His shoulders slump.

“Right. Fine. Do what you have to do.”

My partner fetches a basin of warm water and a flannel and I put one knee on the ground beside him, keeping my other foot flat. Body sideways, my leg protecting my groin, tucking my chin in over my throat, watching his hands. He relents to my care, lets me clean the blood from his face, mopping and wiping, bathing and scrubbing while he stare straight ahead like a kid who’s been caught playing in the coal bunker.

An awkward silence.

“So….Ronnie…you were at the bowling club tonight?”

“Hmmph.”

“Do you play?”

“I do.”

I recognise a chance for him to regain his dignity and play it.

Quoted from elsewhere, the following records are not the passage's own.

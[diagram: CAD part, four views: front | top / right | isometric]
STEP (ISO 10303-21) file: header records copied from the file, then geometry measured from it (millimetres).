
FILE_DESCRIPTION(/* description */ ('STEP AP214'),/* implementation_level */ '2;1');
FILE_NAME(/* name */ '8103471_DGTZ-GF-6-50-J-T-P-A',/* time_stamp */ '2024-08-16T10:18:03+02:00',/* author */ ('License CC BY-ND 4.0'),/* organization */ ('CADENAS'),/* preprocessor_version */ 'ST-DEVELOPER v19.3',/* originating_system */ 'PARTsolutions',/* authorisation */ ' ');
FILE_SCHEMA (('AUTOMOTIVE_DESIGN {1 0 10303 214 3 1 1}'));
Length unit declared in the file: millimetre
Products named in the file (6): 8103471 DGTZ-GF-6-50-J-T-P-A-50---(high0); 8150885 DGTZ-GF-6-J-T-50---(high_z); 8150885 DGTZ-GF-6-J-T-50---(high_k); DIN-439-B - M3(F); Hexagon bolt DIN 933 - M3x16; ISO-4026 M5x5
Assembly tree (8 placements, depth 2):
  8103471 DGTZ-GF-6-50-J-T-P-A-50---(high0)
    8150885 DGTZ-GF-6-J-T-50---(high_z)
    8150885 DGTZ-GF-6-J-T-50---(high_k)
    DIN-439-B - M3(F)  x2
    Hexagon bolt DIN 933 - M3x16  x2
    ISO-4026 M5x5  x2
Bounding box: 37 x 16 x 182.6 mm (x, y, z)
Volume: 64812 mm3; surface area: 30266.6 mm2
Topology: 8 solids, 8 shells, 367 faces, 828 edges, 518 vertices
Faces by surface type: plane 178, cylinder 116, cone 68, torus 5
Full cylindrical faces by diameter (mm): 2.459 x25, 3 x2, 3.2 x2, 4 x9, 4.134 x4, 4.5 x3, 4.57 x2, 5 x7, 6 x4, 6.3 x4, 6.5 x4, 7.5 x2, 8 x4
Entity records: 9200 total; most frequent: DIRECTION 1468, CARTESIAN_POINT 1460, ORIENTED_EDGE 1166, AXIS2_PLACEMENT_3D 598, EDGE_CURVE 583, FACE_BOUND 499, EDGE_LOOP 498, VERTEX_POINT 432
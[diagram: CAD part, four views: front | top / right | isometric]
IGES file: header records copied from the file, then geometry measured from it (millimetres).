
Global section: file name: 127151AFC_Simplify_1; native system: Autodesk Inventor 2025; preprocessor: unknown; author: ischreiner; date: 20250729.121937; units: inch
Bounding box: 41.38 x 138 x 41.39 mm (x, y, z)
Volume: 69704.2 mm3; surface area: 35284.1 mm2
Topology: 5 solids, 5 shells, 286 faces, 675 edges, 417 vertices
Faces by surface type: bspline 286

“I can’t understand that game. I watch it on TV, the way they curl the bowls? I couldn’t do that, never had a head for that sort of thing.”

He is, immediately, engaged and starts telling me at length about the weights of different bowls, how you’ve got to pitch them just so to reach the jack. How golf players make good bowlers because they understand the contours of a green.

Five minutes later we’re laughing together, he tells me he watches “all they programmes” on daytime TV and how “it’s disgusting the way folk get drunk and waste your time.”

“Oh, it’s terrible, Ronnie. It really is. Just tonight I was dealing with this drunken old goat who was wanting to go fighting with me…”

His eyes widen and he begins to commiserate before recognition kicks in.

“Old goat! You cheeky wee bugger!”

We shake hands, make friends, he apologises for his behaviour and I for mine. By the time we get to hospital he’s making sweeping statements that, once he’s out, he’ll take me and “your wife, girlfriend, whatever” out for dinner. He sits forward every few minutes to clasp my hands in his.

I leave him in Immediate Care, Shirley in the waiting room with a cup of tea, her wrist bruised, her hands gently trembling the tan liquid in the plastic cup.